I give you Haydn, the greatest symphonist. As evidence, here is one of the London symphonies. No. 97 in C major, with no nickname, no special tricks. Just another superb symphony by the master:

An Aesthetic Conundrum: Design and Music

I just read one of the New Yorker's mega-reads, this one devoted to Sir Jonathan Ive, the head of design at Apple and one of the most powerful and influential people in the world. As the fellow who designed the MacBook Pro, iMac, MacBook Air, Mac mini, iPod, iPod Touch, iPhone, iPad, iPad Mini, Apple Watch and iOS 7, he has been instrumental in Apple's growth to the point where it is now by far the largest company in history (by market cap), making up 10% of the NASDAQ, and personally responsible for the sale of one and a half billion units of technology. Like Steve Jobs, he is famously fastidious in his taste. Quoting the New Yorker:
a hundred thousand Apple employees rely on his decision-making—his taste—and that a sudden announcement of his retirement would ambush Apple shareholders.
Speaking as one of those Apple shareholders, Jony, please don't retire!

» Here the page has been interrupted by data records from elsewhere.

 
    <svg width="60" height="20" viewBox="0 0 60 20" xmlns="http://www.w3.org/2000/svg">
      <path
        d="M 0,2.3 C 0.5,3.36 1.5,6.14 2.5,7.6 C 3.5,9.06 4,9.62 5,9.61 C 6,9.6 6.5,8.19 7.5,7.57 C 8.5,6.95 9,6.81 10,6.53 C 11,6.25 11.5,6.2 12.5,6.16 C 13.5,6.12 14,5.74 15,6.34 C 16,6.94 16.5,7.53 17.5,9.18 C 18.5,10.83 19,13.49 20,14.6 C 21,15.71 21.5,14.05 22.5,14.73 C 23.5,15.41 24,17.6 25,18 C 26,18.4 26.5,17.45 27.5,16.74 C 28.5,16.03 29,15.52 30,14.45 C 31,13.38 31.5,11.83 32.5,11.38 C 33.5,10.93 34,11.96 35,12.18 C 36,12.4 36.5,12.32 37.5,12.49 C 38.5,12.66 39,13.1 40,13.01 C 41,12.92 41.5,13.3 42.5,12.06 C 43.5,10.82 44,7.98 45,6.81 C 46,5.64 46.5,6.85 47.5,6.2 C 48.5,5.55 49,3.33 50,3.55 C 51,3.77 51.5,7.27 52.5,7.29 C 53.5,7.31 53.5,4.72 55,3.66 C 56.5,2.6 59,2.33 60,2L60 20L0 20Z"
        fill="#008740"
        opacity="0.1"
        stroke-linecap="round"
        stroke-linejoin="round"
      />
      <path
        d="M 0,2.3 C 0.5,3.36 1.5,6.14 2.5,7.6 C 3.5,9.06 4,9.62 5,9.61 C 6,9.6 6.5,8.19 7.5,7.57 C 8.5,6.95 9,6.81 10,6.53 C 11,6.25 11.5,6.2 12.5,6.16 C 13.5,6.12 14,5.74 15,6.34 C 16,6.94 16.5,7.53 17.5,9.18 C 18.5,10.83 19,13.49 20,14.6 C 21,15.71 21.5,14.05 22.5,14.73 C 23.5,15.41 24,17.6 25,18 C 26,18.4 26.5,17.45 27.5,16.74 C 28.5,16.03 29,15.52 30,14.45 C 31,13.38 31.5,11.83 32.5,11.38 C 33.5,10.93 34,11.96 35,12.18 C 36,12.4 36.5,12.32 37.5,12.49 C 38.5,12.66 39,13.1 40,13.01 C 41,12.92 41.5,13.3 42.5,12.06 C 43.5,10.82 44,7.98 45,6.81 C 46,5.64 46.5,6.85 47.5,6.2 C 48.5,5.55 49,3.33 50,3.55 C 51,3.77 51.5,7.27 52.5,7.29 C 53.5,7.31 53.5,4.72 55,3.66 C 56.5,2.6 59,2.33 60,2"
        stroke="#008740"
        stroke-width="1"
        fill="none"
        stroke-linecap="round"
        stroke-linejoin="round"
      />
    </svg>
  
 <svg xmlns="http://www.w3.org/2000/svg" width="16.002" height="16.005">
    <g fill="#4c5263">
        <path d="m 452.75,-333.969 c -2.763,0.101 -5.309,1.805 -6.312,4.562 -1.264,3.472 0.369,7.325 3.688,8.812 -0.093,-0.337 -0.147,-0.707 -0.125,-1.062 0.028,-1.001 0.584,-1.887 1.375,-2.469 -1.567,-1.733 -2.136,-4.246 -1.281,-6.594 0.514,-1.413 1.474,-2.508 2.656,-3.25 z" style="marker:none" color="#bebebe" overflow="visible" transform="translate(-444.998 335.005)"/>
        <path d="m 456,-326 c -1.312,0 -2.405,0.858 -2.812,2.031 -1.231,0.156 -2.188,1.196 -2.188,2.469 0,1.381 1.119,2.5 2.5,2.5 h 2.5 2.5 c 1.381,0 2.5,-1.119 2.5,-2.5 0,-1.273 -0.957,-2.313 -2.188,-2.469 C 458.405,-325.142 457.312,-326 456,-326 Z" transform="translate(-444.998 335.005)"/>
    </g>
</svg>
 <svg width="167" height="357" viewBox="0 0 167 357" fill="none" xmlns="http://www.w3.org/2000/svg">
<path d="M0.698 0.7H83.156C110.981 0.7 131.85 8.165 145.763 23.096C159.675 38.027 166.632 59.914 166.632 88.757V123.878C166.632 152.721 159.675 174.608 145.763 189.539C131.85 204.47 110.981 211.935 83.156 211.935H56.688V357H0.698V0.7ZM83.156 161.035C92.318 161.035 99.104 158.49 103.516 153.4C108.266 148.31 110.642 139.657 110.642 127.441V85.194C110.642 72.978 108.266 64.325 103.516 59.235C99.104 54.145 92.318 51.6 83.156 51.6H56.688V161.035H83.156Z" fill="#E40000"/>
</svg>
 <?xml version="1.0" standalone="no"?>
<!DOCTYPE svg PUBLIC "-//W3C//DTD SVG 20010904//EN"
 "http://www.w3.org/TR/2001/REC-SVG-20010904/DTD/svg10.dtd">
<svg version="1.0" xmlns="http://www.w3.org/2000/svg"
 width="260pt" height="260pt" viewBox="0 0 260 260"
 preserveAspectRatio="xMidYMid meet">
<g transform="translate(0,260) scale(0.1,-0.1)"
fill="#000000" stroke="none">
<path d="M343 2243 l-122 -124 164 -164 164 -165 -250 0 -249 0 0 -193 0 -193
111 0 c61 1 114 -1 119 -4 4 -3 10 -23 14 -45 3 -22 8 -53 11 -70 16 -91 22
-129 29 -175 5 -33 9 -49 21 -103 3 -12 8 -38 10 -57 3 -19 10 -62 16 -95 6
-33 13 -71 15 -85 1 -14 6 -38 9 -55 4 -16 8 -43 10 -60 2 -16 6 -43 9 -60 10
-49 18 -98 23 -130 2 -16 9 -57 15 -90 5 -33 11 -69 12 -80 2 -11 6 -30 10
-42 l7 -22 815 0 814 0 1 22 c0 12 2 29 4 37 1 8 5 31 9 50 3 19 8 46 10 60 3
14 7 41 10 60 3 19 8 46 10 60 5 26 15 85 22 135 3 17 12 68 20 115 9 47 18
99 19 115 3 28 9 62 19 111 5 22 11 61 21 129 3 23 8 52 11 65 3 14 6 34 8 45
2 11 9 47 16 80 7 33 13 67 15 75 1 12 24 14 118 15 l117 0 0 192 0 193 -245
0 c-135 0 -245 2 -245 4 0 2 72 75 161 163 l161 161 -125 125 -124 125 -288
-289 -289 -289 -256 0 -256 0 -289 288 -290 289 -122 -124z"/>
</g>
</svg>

A huge part of his talent and responsibility is in fact, the possession of a highly-developed taste. Quoting from the New Yorker article:
Ive manages newness. He helps balance the need to make technological innovations feel approachable, so that they reach a mass market—Choo Choo—with the requirement that they not be ugly and infantile. Apple has made missteps, but the company’s great design secret may be avoiding insult. Antonelli, of MOMA, described Apple’s design thoughtfulness as “a sign of respect,” and added, “Elegance in objects is everybody’s right, and it shouldn’t cost more than ugliness.”
These are tasks that are heavily freighted with aesthetics, are they not? Not ugly and infantile implies beautiful and, hmm, useful? Practical? Efficient? Certainly the word "elegance" strongly involves aesthetics. Everything I prefer about the iMac over the host of PC designs has to do with aesthetics understood in a wide sense. There is never anything insulting to the eyes, for example. (One clue as to who is winning the design wars is that you see Dell copying Apple all the time, but never the reverse.)

Now, finally we come to the conundrum: when did good taste and music, like Richard Burton and Elizabeth Taylor become utterly estranged? And how can we get them back together? I say this because the people that create things of such superlative industrial design that I have no hesitation at calling them beautiful (such as the iMac and the iPhone), seem to have no exceptional taste in music. The design studio plays a mix that includes Counting Crows, Hootie and the Blowfish, Yaz and the Rapture (according to the New Yorker article).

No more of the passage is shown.